*Required action*: Using the material below, print the line that contains "main class: Grassland", the line that contains "longitude: -6.6958", and every line in between, exactly and nothing else.

*Dataset excerpts*:
★ ★ ★ ★ ★

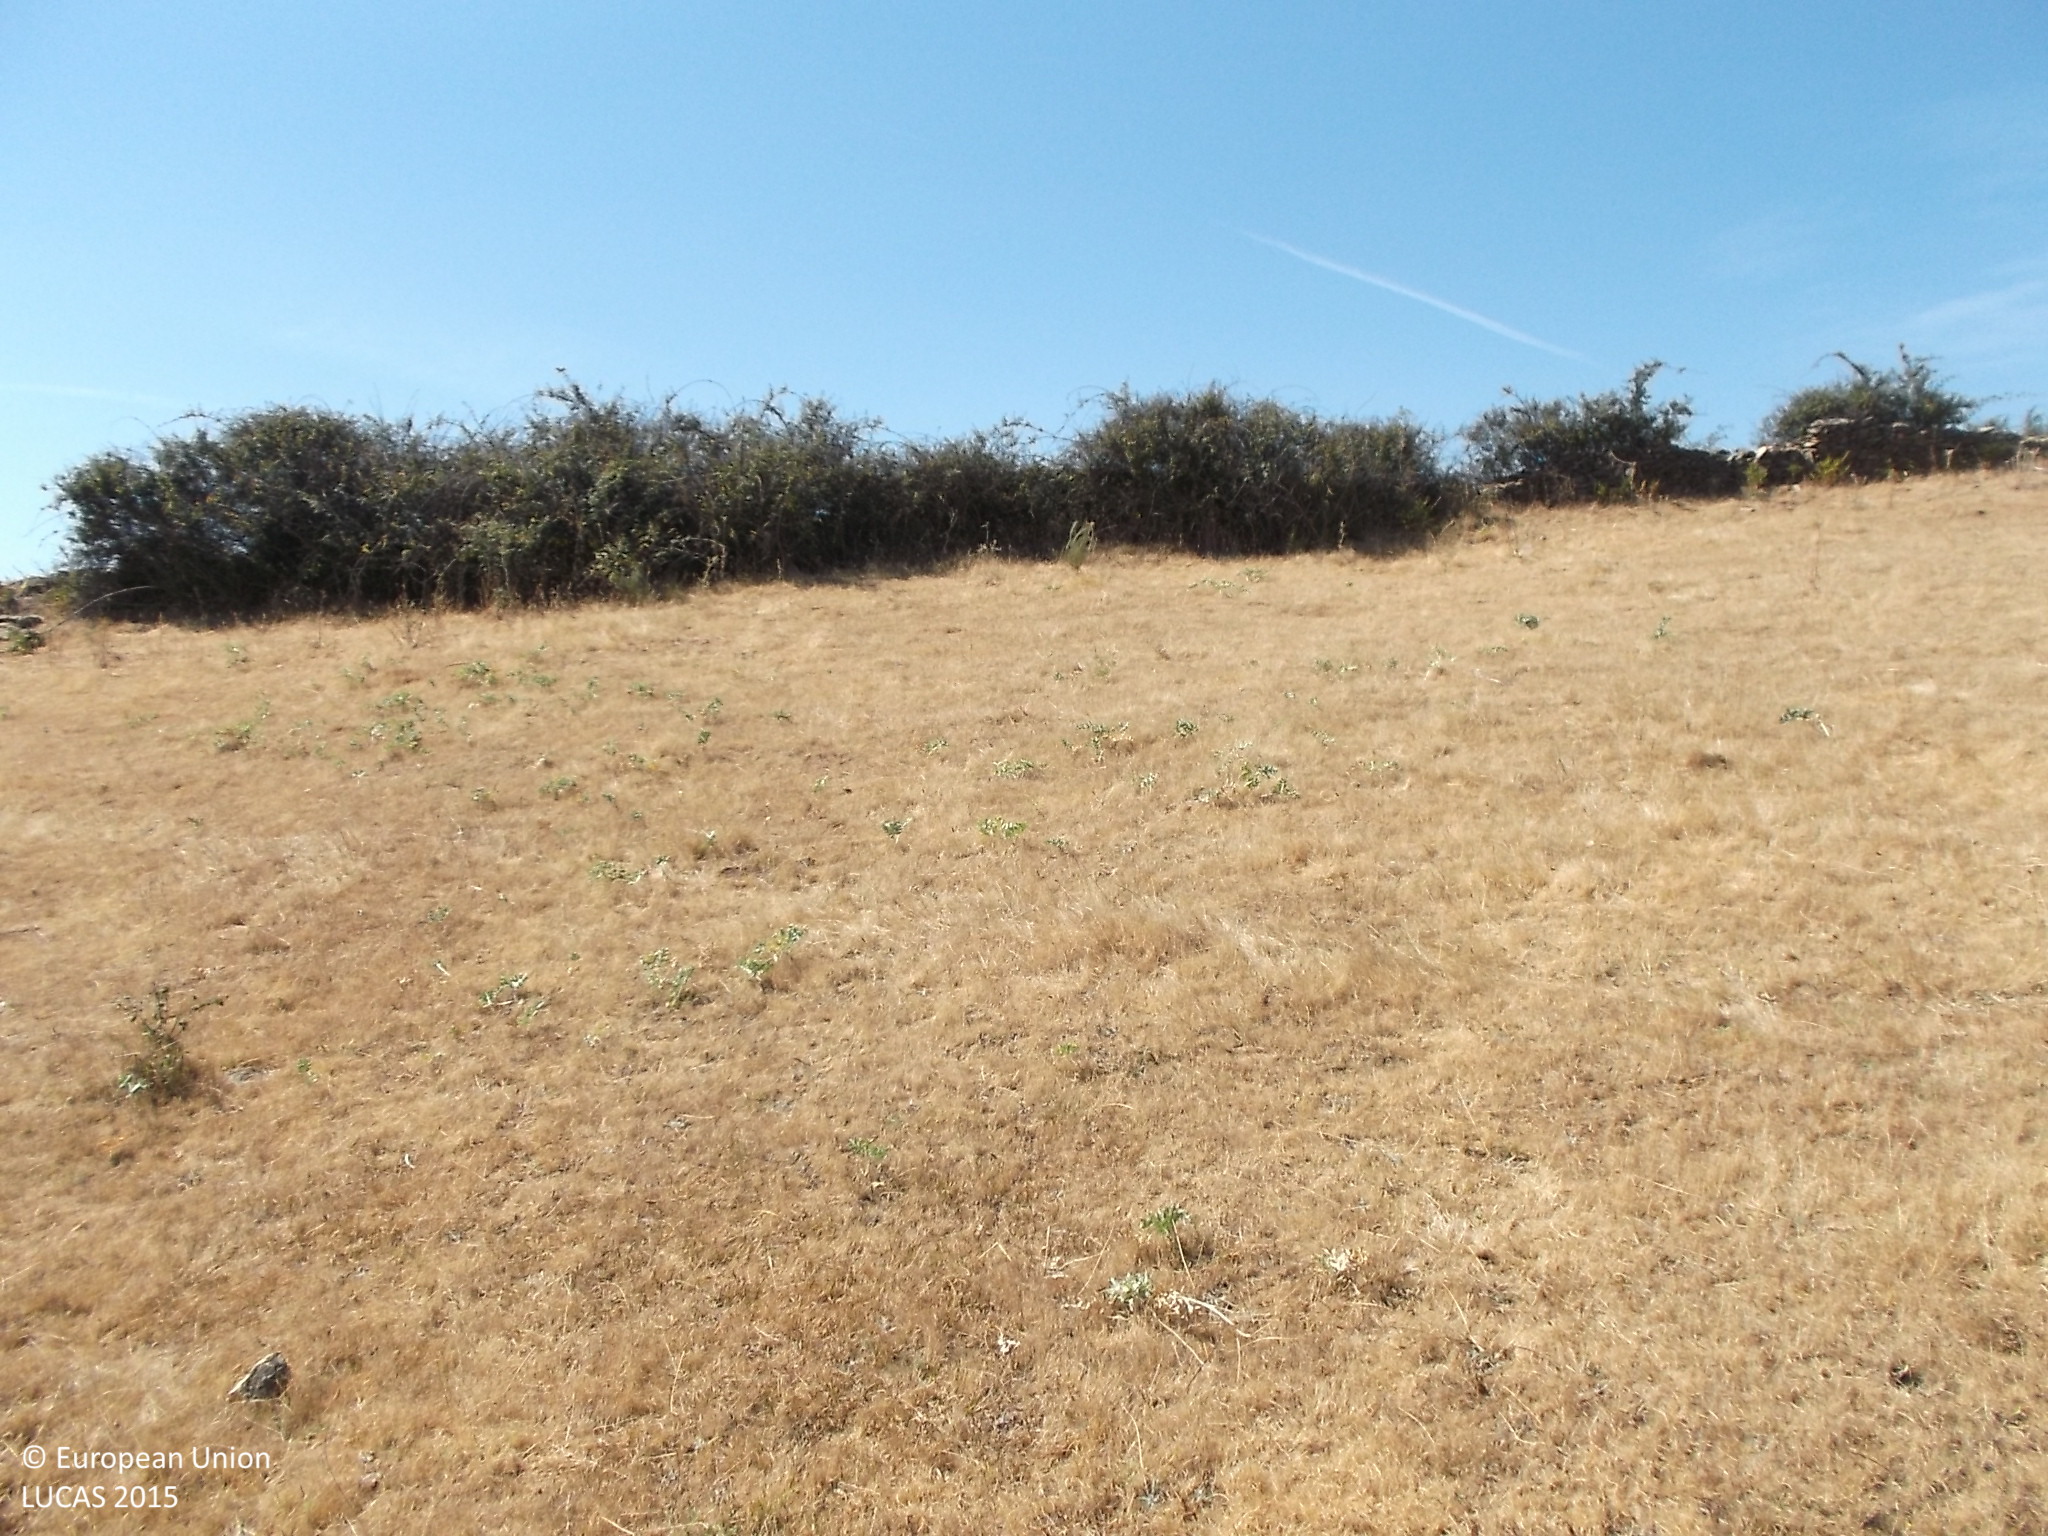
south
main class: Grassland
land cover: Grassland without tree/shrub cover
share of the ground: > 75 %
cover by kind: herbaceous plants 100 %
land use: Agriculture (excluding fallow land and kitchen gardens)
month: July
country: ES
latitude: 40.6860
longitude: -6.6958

★ ★ ★ ★ ★

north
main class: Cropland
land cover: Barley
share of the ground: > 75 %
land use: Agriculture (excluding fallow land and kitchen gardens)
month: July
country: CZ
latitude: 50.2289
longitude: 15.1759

★ ★ ★ ★ ★

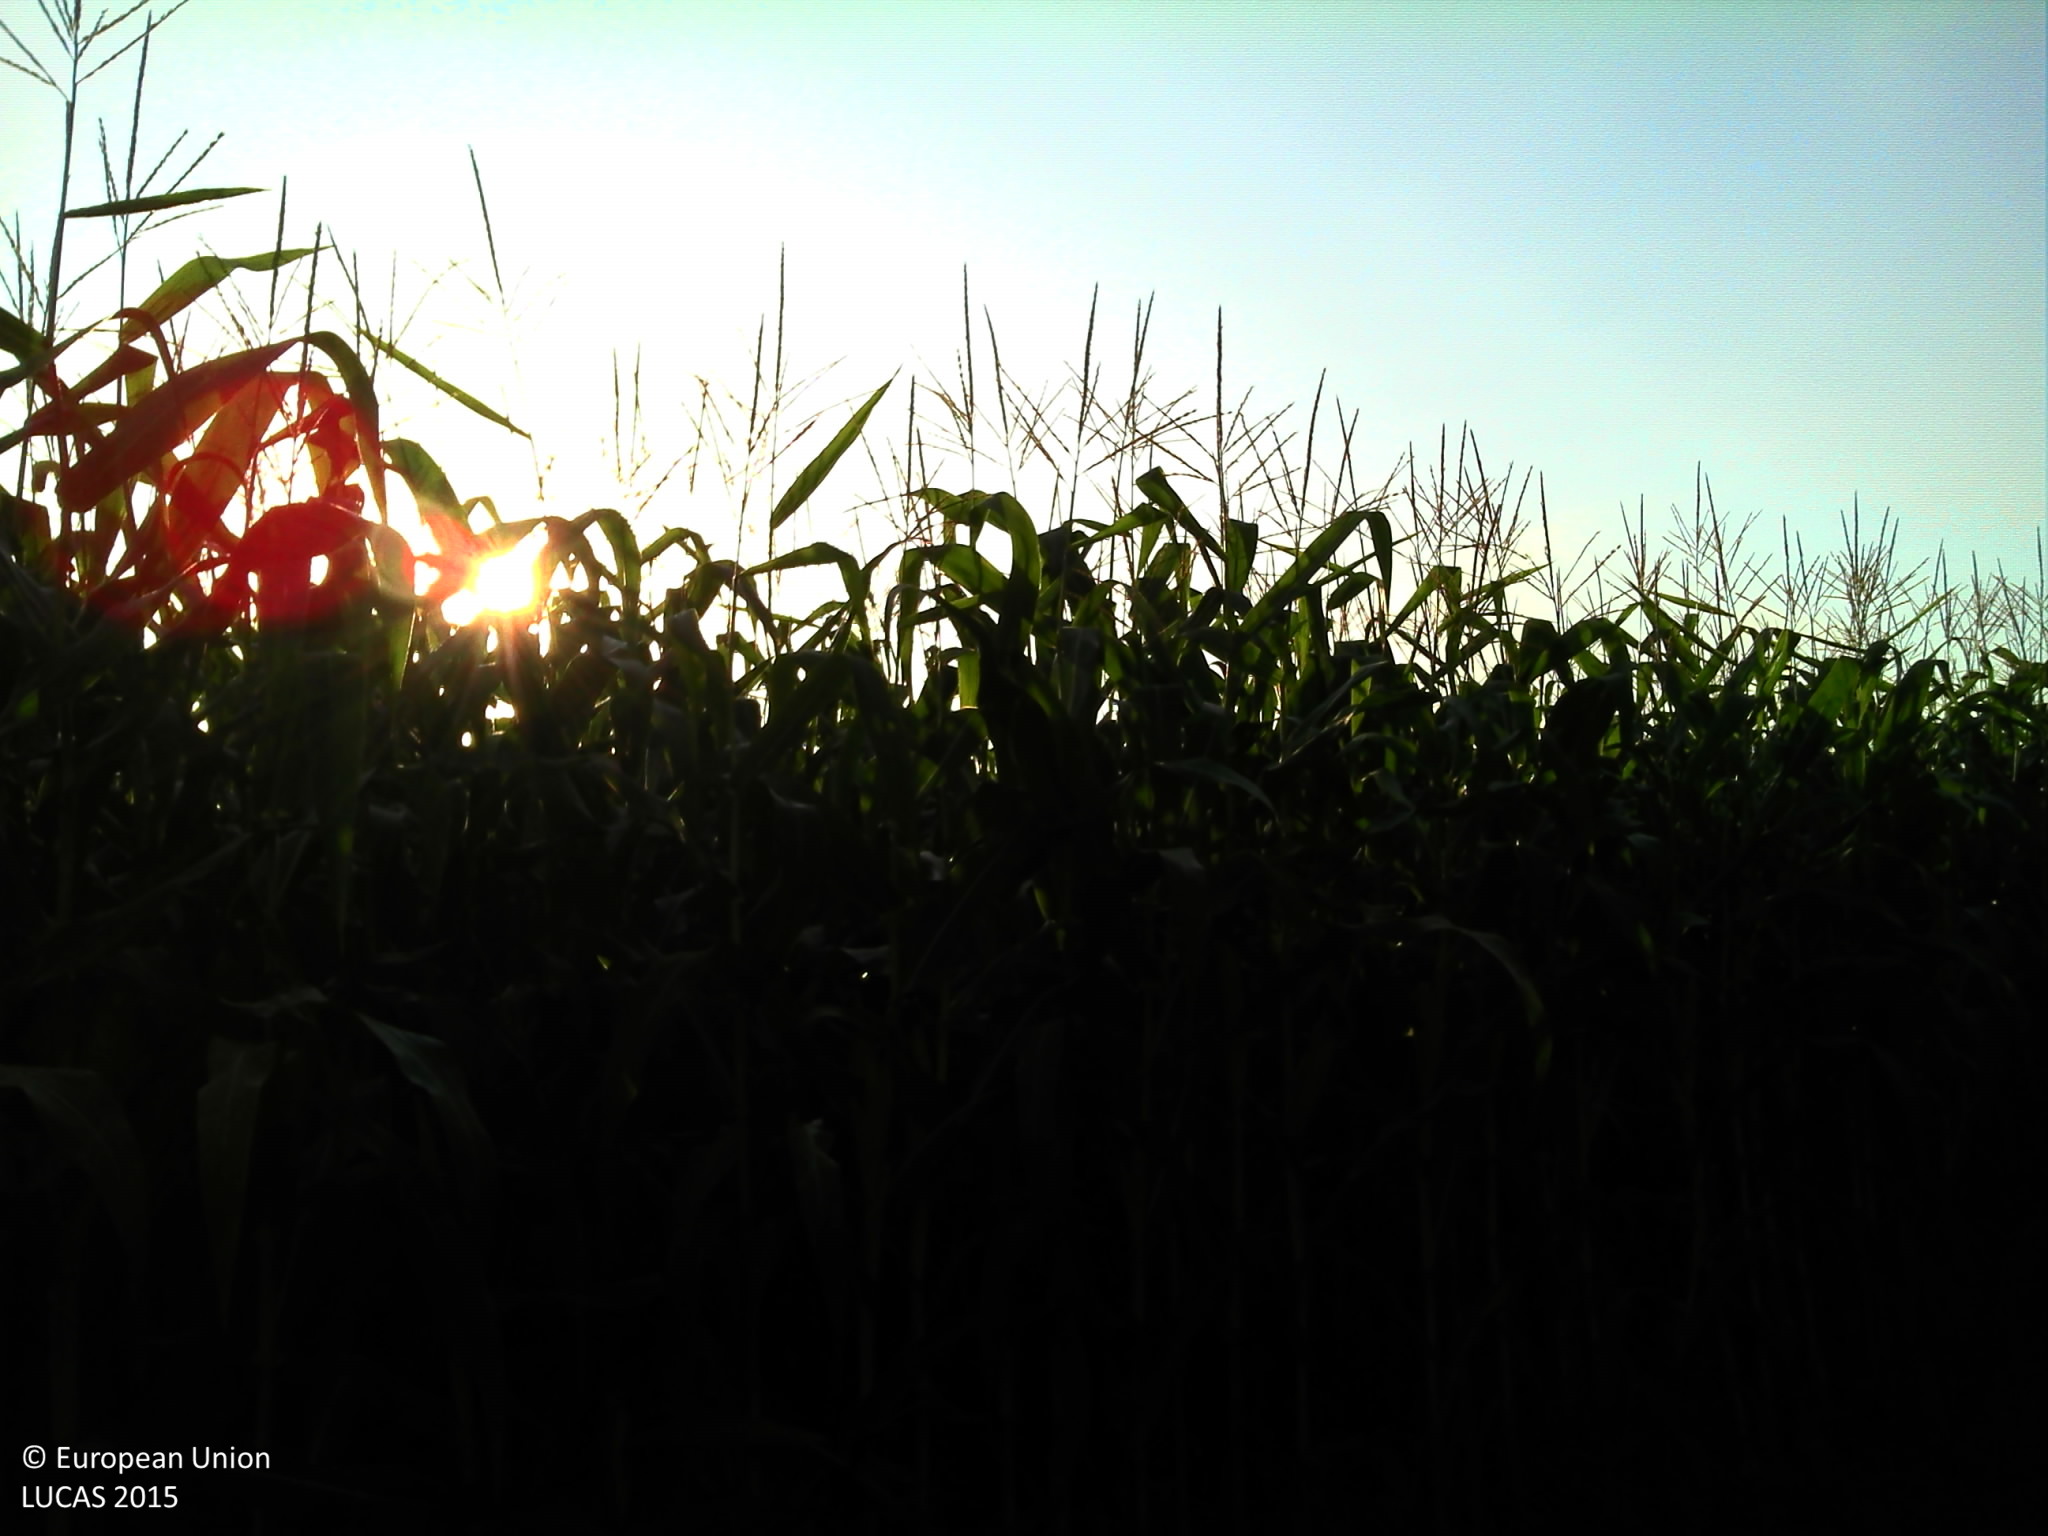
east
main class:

★ ★ ★ ★ ★

*Response area*:
main class: Grassland
land cover: Grassland without tree/shrub cover
share of the ground: > 75 %
cover by kind: herbaceous plants 100 %
land use: Agriculture (excluding fallow land and kitchen gardens)
month: July
country: ES
latitude: 40.6860
longitude: -6.6958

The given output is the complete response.